# CT blizzard..few pics/videos



## dcff (Feb 21, 2010)

Heres where the storm started..was responding to a car accident..i arrived on scene, put the truck in park and heres where it ended up 100 feet from where i stopped.


----------



## dcff (Feb 21, 2010)

ended up snapping the ubolts and destroying a rim..discovered the damage 6 hours later when the truck started crab walking


----------



## fireside (Mar 1, 2008)

DPW help get it out or was it on your dime? My guy's would never pay out of there pocket on a call if that happened. Dept cover the damage or your insurance


----------



## dcff (Feb 21, 2010)

Its a dpw truck so a few yanks with a loaded 9ton and she was out. She didnt even get to see the big snow, parked it around 8pm friday night.

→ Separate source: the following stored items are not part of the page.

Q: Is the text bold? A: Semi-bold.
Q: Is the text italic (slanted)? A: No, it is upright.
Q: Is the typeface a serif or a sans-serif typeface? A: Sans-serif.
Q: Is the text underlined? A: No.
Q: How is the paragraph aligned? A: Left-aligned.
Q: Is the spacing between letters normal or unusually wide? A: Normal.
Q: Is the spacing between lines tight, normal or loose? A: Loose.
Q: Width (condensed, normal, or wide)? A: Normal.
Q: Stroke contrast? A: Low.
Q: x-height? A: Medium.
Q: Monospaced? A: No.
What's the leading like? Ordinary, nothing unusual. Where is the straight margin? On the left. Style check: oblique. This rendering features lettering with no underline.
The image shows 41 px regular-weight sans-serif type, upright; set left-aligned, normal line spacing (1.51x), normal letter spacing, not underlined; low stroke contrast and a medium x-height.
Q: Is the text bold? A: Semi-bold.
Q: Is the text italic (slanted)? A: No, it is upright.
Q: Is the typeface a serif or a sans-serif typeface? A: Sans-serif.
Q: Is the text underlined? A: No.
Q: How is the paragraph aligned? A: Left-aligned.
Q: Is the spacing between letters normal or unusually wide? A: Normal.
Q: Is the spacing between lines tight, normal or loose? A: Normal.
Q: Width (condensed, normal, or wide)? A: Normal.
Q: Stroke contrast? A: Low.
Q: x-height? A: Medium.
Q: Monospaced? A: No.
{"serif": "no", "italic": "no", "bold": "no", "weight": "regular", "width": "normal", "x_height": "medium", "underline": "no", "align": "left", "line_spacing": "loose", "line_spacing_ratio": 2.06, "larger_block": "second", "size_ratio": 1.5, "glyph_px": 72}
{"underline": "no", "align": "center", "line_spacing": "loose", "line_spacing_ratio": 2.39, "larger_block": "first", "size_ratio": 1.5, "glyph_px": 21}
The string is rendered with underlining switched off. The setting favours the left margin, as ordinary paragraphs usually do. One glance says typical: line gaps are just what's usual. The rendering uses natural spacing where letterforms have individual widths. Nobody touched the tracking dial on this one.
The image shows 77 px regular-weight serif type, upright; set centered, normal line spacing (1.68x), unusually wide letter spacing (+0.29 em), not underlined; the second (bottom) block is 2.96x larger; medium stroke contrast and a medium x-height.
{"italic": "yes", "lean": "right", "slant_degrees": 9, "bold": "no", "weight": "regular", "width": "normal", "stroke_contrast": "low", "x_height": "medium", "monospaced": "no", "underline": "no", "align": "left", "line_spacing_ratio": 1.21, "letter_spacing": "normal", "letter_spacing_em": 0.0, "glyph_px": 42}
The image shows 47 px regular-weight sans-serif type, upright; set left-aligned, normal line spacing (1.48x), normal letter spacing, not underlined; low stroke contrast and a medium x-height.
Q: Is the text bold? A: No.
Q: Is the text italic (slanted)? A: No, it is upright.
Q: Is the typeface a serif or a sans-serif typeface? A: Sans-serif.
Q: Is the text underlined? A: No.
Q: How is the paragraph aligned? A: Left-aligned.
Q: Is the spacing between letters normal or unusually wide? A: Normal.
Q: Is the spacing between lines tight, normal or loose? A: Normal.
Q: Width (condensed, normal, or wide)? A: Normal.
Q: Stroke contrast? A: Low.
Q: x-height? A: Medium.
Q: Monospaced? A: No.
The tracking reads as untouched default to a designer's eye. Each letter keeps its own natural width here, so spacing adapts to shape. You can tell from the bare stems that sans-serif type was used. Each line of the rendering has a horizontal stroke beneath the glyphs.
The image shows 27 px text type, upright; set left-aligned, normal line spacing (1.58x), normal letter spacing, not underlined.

I have two good videos opening up that morning, 30+ inches with a 2009 freightliner, cannot seem to get it to upload


----------



## mackclmodel (Jul 3, 2012)

Did you guys have to chain up the Freightshaka ?


----------



## fordtruck661 (Feb 26, 2011)

So did you just not put it in park?? did it slide on ice?? Or what caused it to end up there.


----------



## theholycow (Nov 29, 2002)

My first thought was sliding on ice but the photos show dually tread prints in the snow, not skid trails.


----------



## fordtruck661 (Feb 26, 2011)

theholycow;1599021 said:


> My first thought was sliding on ice but the photos show dually tread prints in the snow, not skid trails.


Yeah Im thinking it was in R not Park.... I did that during the storm lucky I was still halfway in the truck when it started rolling back. Though I was going to take the door off when it was plowing throw the snow bank. lol


----------